To Roast Landrail.

This bird should be trussed like a snipe, and roasted quickly at a brisk but not a fierce fire for about fifteen or sixteen minutes. It should be dished on fried breadcrumbs, and gravy served in a tureen.

Croustade of Larks.

Bone two dozen larks, season, and put into each a piece of pâté de foie gras (truffled). Roll the larks up into a ball, put them in a pudding basin, season them with salt and pepper, and pour three ounces of clarified butter over them, and bake in a hot oven for a quarter of an hour. Dish them in a fried bread croustade, made by cutting the crust from a stale loaf about eight inches long, which must be scooped out in the centre and fried in hot lard or butter till it is a good brown. Drain it, and then place it in the centre of a dish, sticking it there with a little white of egg. Put it into the oven to get hot; then put the larks into it, and let it get cold. Garnish with truffles and aspic jelly.

Larks à la Macédoine.

Take a dozen larks, fill them with forcemeat made of livers, a little veal and fat bacon, a dessertspoonful of sweet herbs; pepper and salt to taste, and pound all well together in a mortar, and then stuff the birds with it. Lay the larks into a deep dish, pour over them a pint of good gravy, and bake in a moderate oven for a quarter of an hour. Have a pyramid of mashed potatoes ready, and arrange the larks round it, and garnish with a macédoine of mixed vegetables.

Lark Pie.

Pluck, singe, and flatten the backs of two dozen larks, pound the trail and livers in a mortar with scraped bacon and a little thyme, stuff the larks with this, and wrap each in a slice of fat bacon. Line a plain mould with paste, fill it with the larks, sprinkle them with salt and pepper, spread butter all over them, and add two small bayleaves; cover with paste, and bake for two hours and a quarter. Can be eaten hot or cold. It must be turned out of the mould.

Salmi of Larks à la Macédoine, cold.

Take a dozen larks, bone and stuff them with pâté de foie gras, and make them as nearly as possible of the same size and shape. Make half a pint of brown sauce, adding a glass of sherry, a little mushroom ketchup, and an ounce of glaze; boil together, and reduce one half, adding a couple of spoonfuls of tomato juice; pass through a sieve, and, when nearly cold, add a gill of melted aspic.

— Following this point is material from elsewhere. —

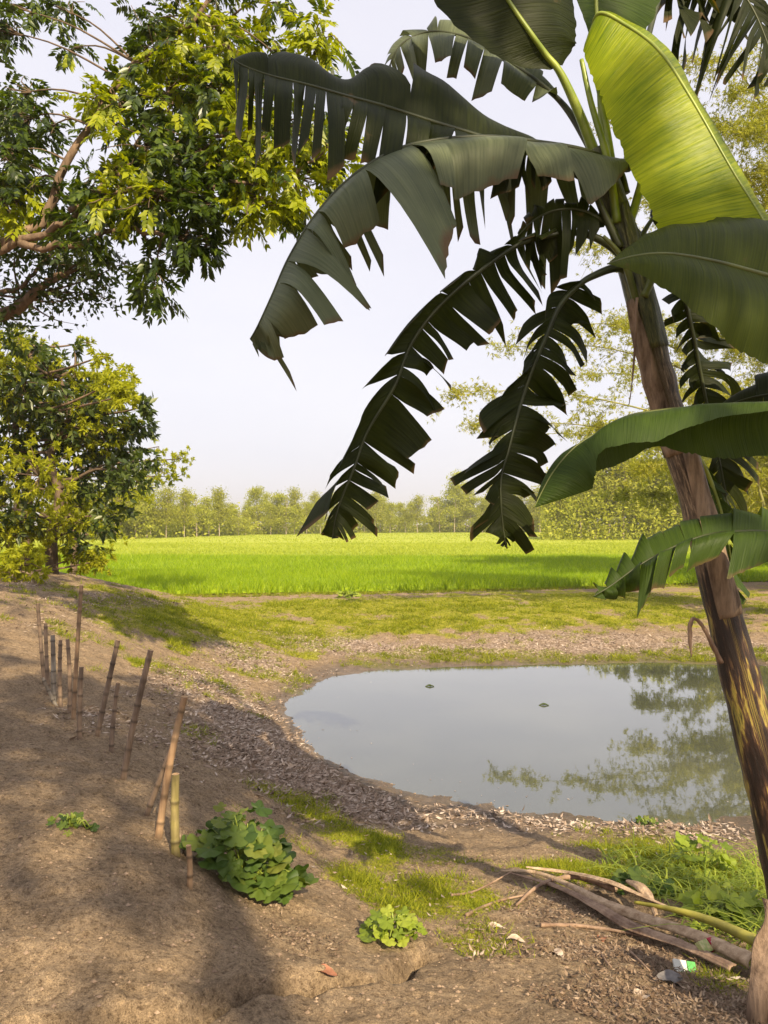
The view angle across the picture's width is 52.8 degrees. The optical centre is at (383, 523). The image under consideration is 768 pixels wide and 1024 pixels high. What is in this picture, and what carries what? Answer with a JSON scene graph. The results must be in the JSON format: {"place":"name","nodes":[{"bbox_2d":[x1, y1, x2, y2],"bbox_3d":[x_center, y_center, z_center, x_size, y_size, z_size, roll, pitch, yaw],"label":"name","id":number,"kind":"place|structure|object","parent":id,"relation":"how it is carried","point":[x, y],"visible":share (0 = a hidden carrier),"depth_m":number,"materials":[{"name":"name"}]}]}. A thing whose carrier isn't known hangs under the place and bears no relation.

Mask the larks, and place them in a sauté pan, and cook them; take them out and remove neatly any surplus sauce, and dish them in the entrée dish in a circle. Take the contents of a tin of macédoine of vegetables boiled tender in a quart of water, add a dust of salt, a saltspoonful of sugar, and a piece of butter the size of a walnut; strain off, and, when cold, toss them in two tablespoonfuls of liquid aspic jelly. This macédoine should be piled up high and served in the centre. Garnish with chopped aspic round the larks, and sippets of aspic beyond this.